Modelling Nature I

This study aims to quantify wave attenuation by a series of parallel submerged reef structures, representative for designs used in recent shellfish reef restoration efforts in Australia and the US. Experiments (1:10 scale) were carried out in a 54-m-long wave flume with a range of wave conditions, water depths and reef designs. Overall, the results of this study show that, while situated in relatively deep water, these reefs can reduce incident wave energy and orbital velocities considerably, in particular for relatively high waves in relatively shallow water, and have the potential to be considered in nature-based coastal defense strategies.

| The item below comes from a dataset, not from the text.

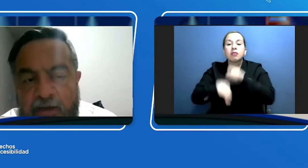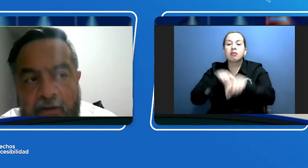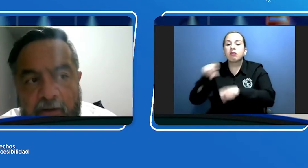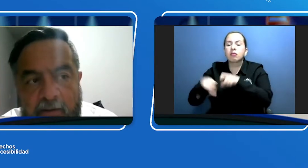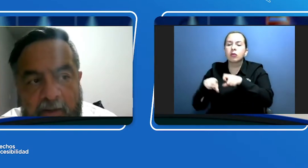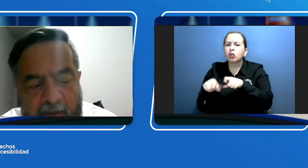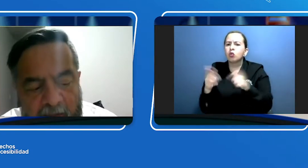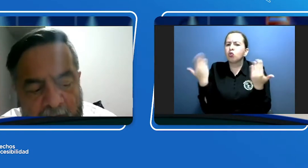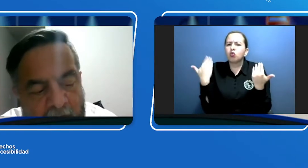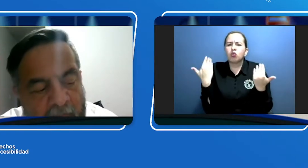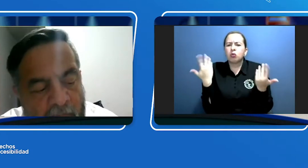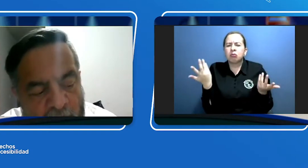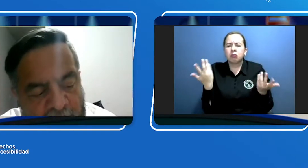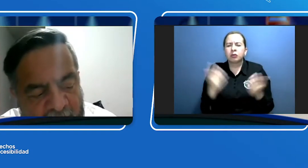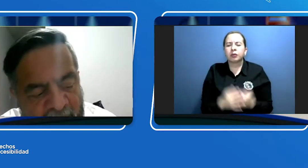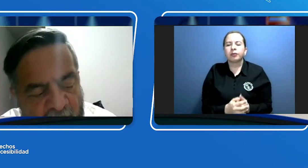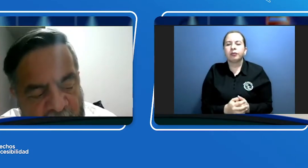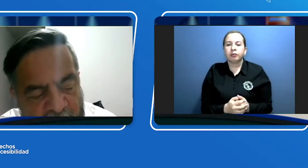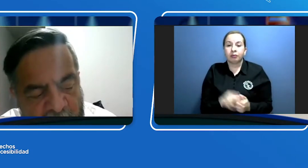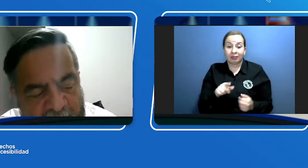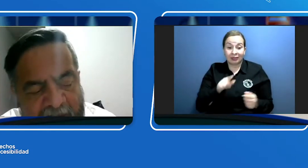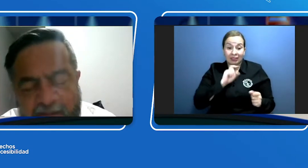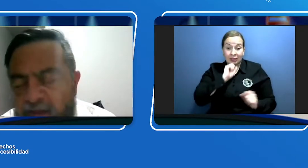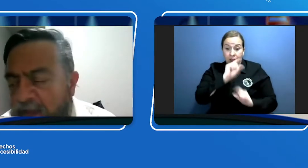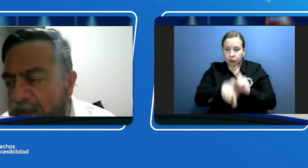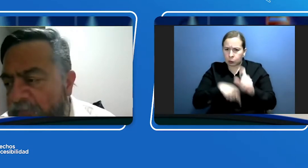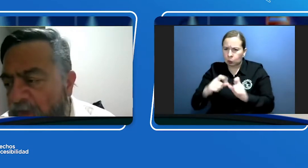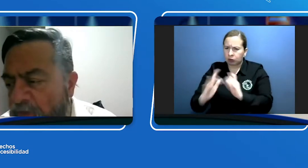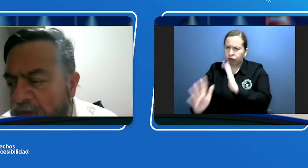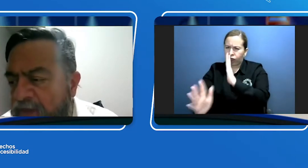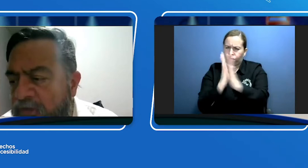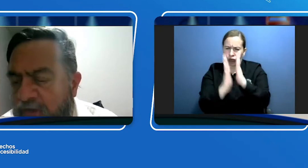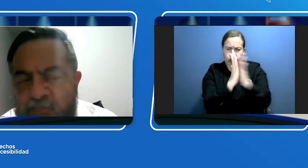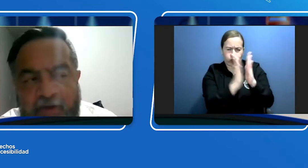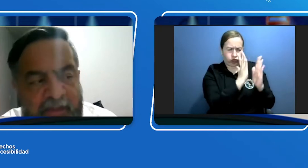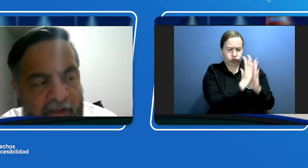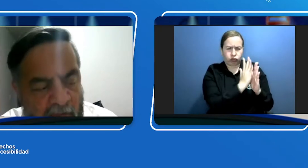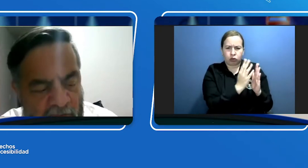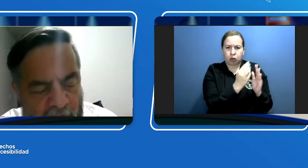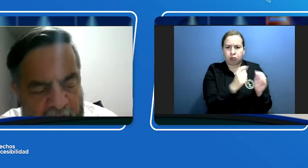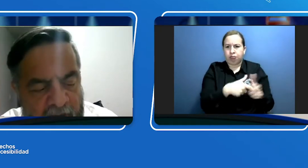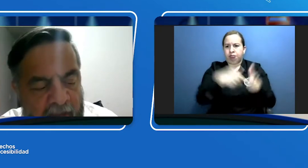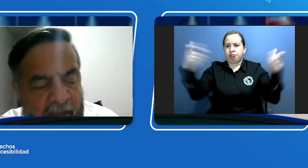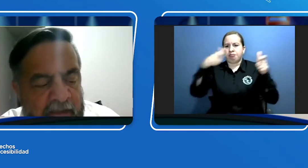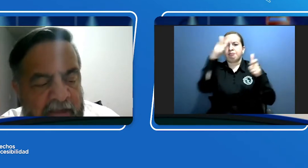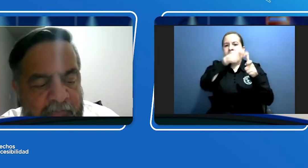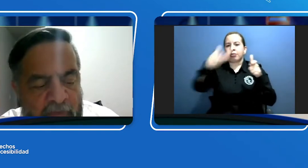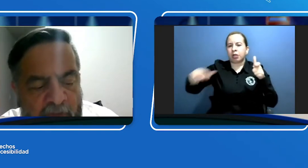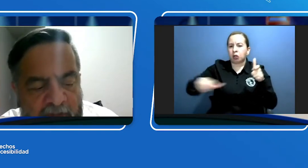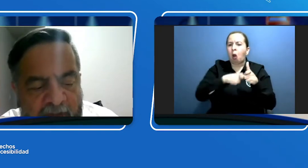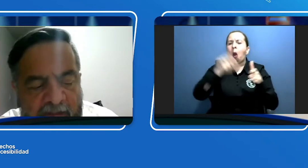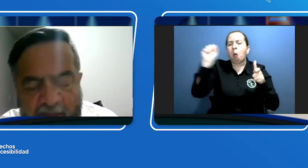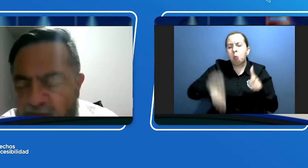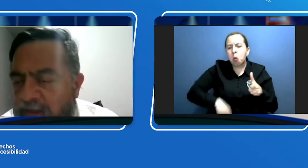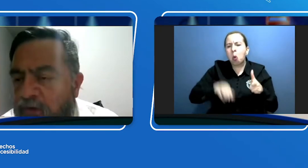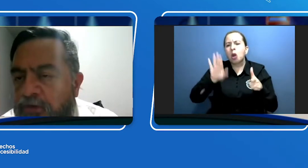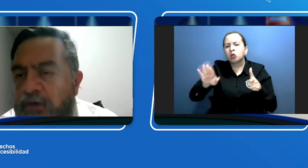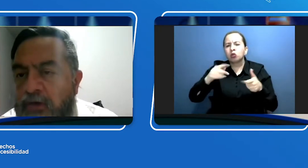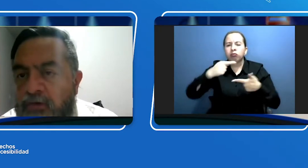mucha información en cantidad de personas, entonces permiten concluir desde el punto de vista estadístico sobre algunos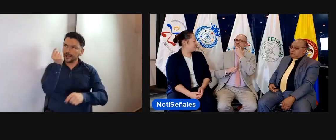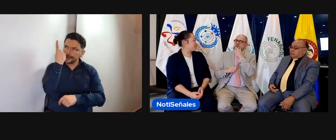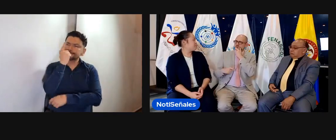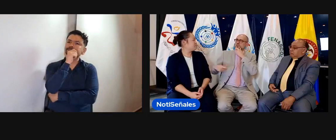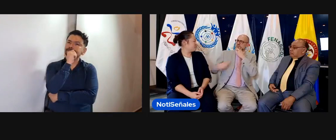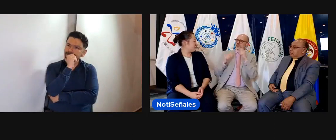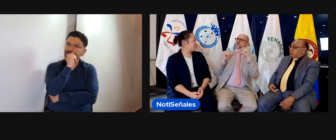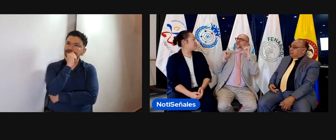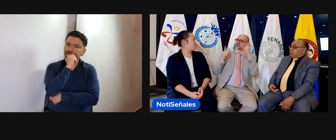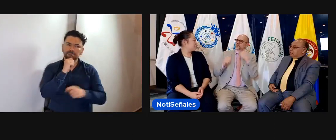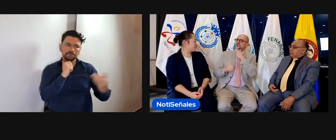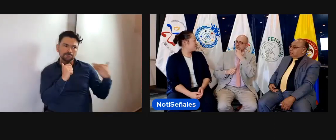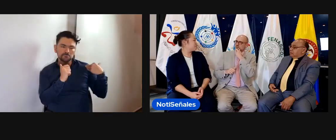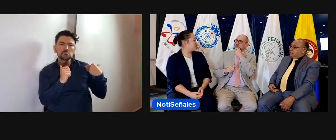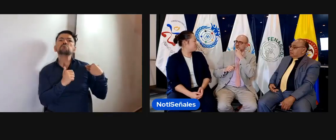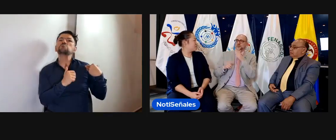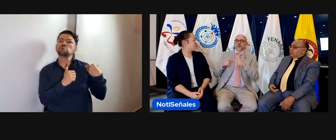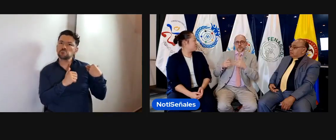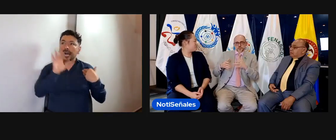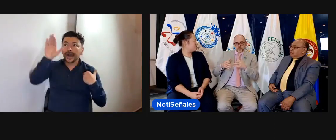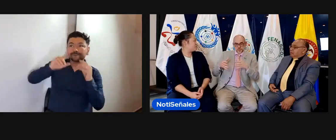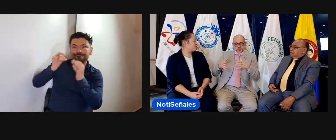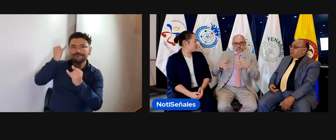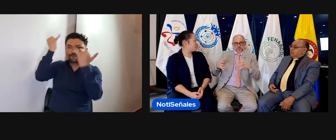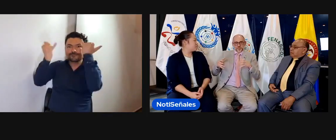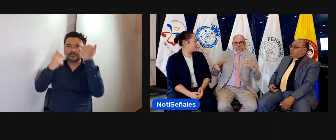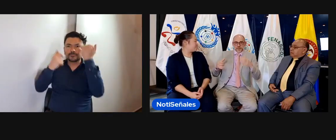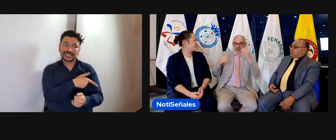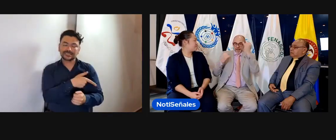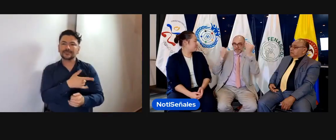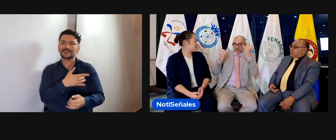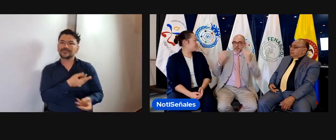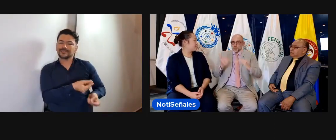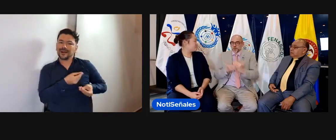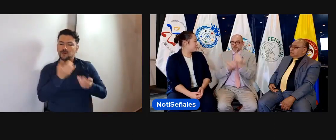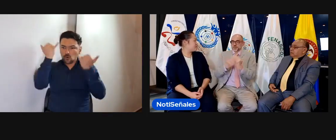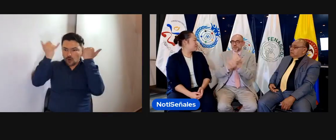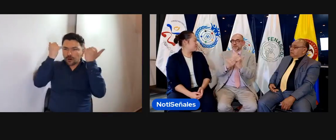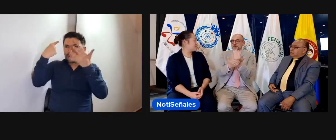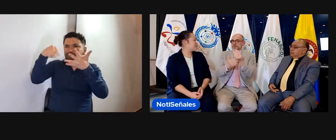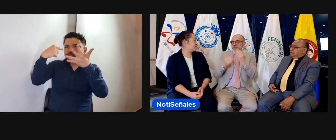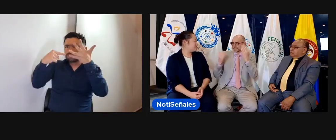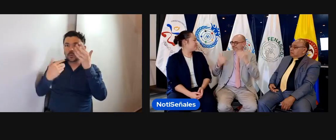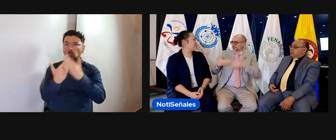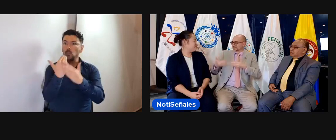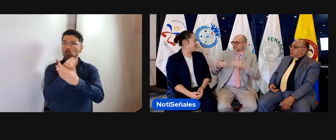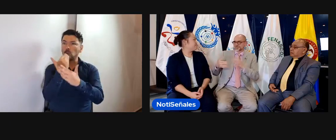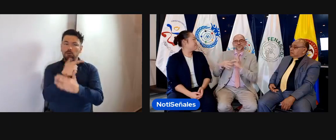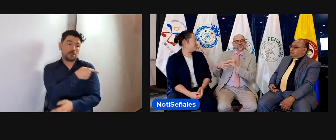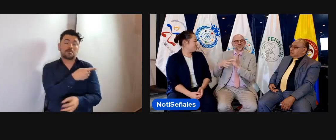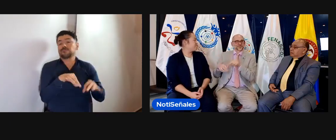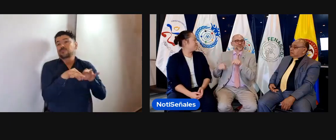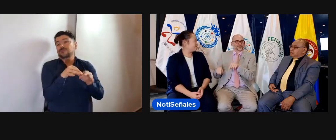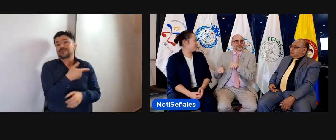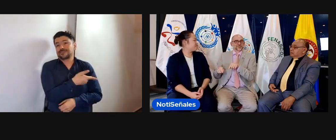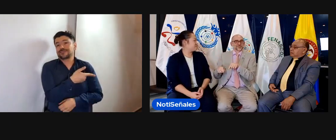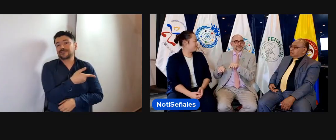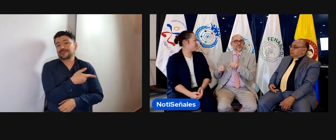buscamos, dice Joe, sí, que ellos también nos apoyen a nosotros, con sus ideas, con cualquier

Hybrid artificial reef structures can be designed to promote the development of a self-sustaining habitat for reef organisms while simultaneously enhancing the extent to which they provide coastal protection. In this study we investigate the wave attenuation capacity of engineered porous oyster reef modules that have been designed through the DARPA initiative Reefense: A Mosaic Oyster Habitat for Coastal Defense. Reduced scale (1:2) physical model testing of numerous modular reef layouts was conducted in the wave flume at the University of Western Australia's Coastal and Offshore Research Laboratory. The attenuation of wave energy was dominated by dissipative processes, due to both drag forces associated with the porous modules and wave breaking. Wave transmission was strongly governed by the dimensionless relative freeboard, the mean water depth above the top of the reef relative to the offshore incident wave height.

The large bottom roughness typical of coral reefs can be effective at reducing wave energy incident to coastlines through the dissipation induced by how wave-driven oscillatory flows interact with the roughness. A physical understanding of these fluid-structure interaction processes is essential in designing coral reef restoration projects that can enhance coastal protection as well as deliver other beneficial ecosystem services. A detailed 1:3 scale physical modelling study using the coral reef restoration solution developed by Mars Sustainable Solutions was undertaken in the University of Western Australia Coastal and Offshore Research Laboratory 54-m wave flume. Wave heights, flow velocities and hydrodynamic forces were measured to develop predictive formulations to quantify wave attenuation over arbitrary coral reef canopies as a function of coral canopy properties, wave and water depth conditions. This model enables the inclusion of coastal protection into the design of coral restoration projects across varying site conditions.

Coastal forests are considered a sustainable and economical solution to mitigate inundations from tsunamis. Owing to the rare occurrence of tsunamis and reported local tsunami heights being small, the coastal forests are a potential solution to protect from tsunamis in the Arabian Sea. The potential of date palm trees to mitigate tsunami inundations was investigated in an experimental study. The experiments were conducted at a geometric scale of 1:100 with the Froude-Cauchy similitudes. It found that the canopy of the tree played a key role in flow energy reduction. If the tsunami height was higher than the canopy height a significant tsunami depth was reduced behind the forest compared to the case that the tsunami height was lower than the canopy height. The highest percentage reduction in the maximum flow depth behind the forest was 37% for the forest length of 180 m and tsunami height of 7 m.